Yea that would be it, all dilutes are females


----------



## sev3ns0uls (Jul 2, 2011)

wait, wasnt sex-link mating only applies when the hen has the dominate base color and not the other way around?

since red > blue > brown

for example, 

a red hen and a blue cock is sex linking. = all male red/split blue and all hen blue.
a blue hen and brown cock is sex linking. = all male blue/split brown and all hen are brown. 

So if the hen is a blue and the cock is a red even if its slip from blue, its not sex linking. = 50/50 blue and red cocks and hen.

blue cock x red hen = yes sl
brown cock x blue hen = yes sl
brown cock x red hen = yes sl

blue x blue = no sl
red x red = no sl
brown x brown = no sl
red cock x blue hen = no sl
blue cock x brown hen = no sl
red cock x brown hen = no sl. 
---------------------------------
so in this case

'Ash yellow check cock over dark check hen'

if cock would be a red/split from blue and hen is blue. then both offspring cock and hen can be 50/50 red and blue.
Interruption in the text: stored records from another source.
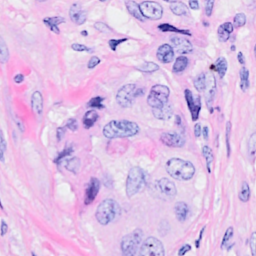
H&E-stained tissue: Breast
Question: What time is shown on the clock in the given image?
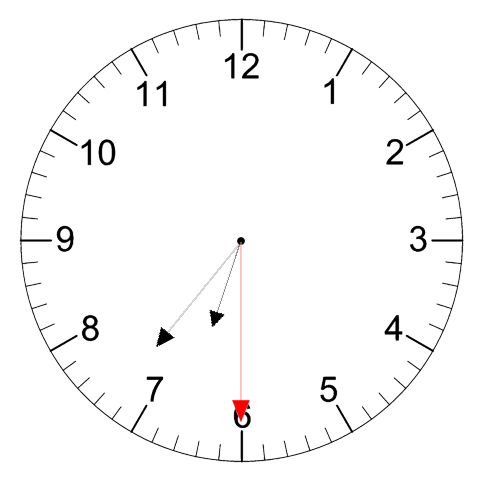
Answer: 06:36:30
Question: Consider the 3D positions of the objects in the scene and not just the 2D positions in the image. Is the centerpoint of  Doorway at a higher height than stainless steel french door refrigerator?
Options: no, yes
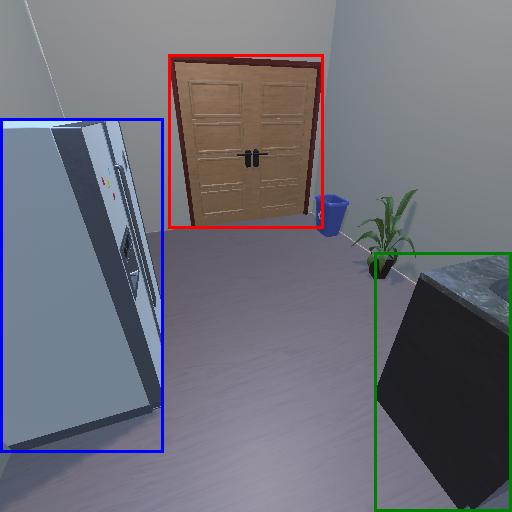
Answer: no
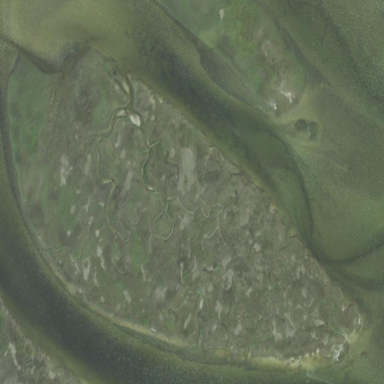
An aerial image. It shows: Island nature reserve with saltmarsh wetland.
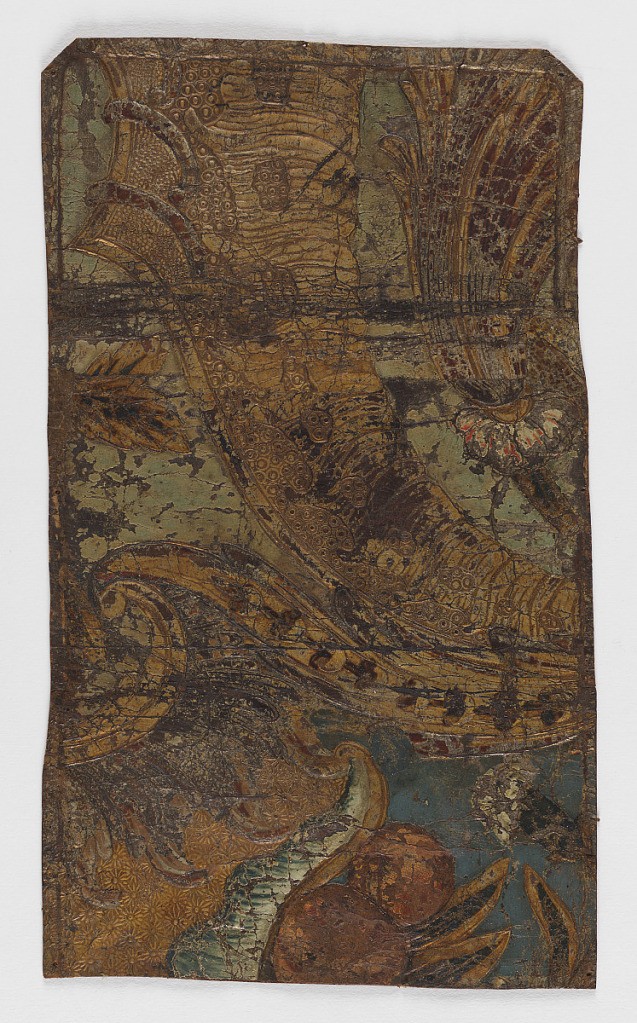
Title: Sidewall
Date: ca. 1730
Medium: Leather, stamped, painted, silvered
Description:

All hen will be dilutes and cocks carrying dilutes.

if cock is only red and no split, with a blue hen, then only all cock are red split from blue carrying dilutes and all female are only red dilutes.

in dilute sex-link (got this from MaryOfExeter)

Dilute (includes any dilutes - ash-yellow, silver, khaki, dun, recessive yellow, suphur, etc):
- Dilute cock x non-dilute hen = non-dilute (carrying dilute) sons, dilute daughters


----------



## Roller lover (Dec 27, 2012)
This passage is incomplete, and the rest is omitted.